(Exercise instructions): Below are the entries to work from; restate word for word the portion that opens with the line containing "hereby DISCHARGED from the American Army" and closes with the line containing "Years faithful Service.", keeping both.

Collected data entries
= = = = = = =
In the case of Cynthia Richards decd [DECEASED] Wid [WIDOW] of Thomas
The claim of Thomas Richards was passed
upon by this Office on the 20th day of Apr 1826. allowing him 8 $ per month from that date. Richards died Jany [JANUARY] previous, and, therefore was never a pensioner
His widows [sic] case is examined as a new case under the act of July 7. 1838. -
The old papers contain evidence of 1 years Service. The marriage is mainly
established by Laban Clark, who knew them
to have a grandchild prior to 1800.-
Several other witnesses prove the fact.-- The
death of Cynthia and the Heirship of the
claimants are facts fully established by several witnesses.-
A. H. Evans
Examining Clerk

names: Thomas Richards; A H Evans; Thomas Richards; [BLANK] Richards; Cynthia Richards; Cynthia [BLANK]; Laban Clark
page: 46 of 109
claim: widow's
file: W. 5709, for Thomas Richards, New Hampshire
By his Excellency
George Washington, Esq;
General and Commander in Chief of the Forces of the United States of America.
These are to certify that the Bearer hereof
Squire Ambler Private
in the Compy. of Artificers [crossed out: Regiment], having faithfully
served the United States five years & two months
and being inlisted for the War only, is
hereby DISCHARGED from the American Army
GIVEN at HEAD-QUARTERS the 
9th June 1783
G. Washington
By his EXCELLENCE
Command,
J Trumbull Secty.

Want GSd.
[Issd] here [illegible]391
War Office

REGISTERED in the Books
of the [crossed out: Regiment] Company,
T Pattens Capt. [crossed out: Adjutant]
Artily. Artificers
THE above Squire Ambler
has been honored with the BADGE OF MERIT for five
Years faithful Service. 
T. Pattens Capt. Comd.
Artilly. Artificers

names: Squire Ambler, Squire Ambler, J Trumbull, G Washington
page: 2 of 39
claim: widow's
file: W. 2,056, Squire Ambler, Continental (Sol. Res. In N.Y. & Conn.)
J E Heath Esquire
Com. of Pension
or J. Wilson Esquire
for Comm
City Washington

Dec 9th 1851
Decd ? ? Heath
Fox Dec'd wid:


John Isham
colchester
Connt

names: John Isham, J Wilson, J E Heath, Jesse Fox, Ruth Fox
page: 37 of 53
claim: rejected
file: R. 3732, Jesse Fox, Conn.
= = = = = = =
(Exercise answer):
hereby DISCHARGED from the American Army
GIVEN at HEAD-QUARTERS the 
9th June 1783
G. Washington
By his EXCELLENCE
Command,
J Trumbull Secty.

Want GSd.
[Issd] here [illegible]391
War Office

REGISTERED in the Books
of the [crossed out: Regiment] Company,
T Pattens Capt. [crossed out: Adjutant]
Artily. Artificers
THE above Squire Ambler
has been honored with the BADGE OF MERIT for five
Years faithful Service. 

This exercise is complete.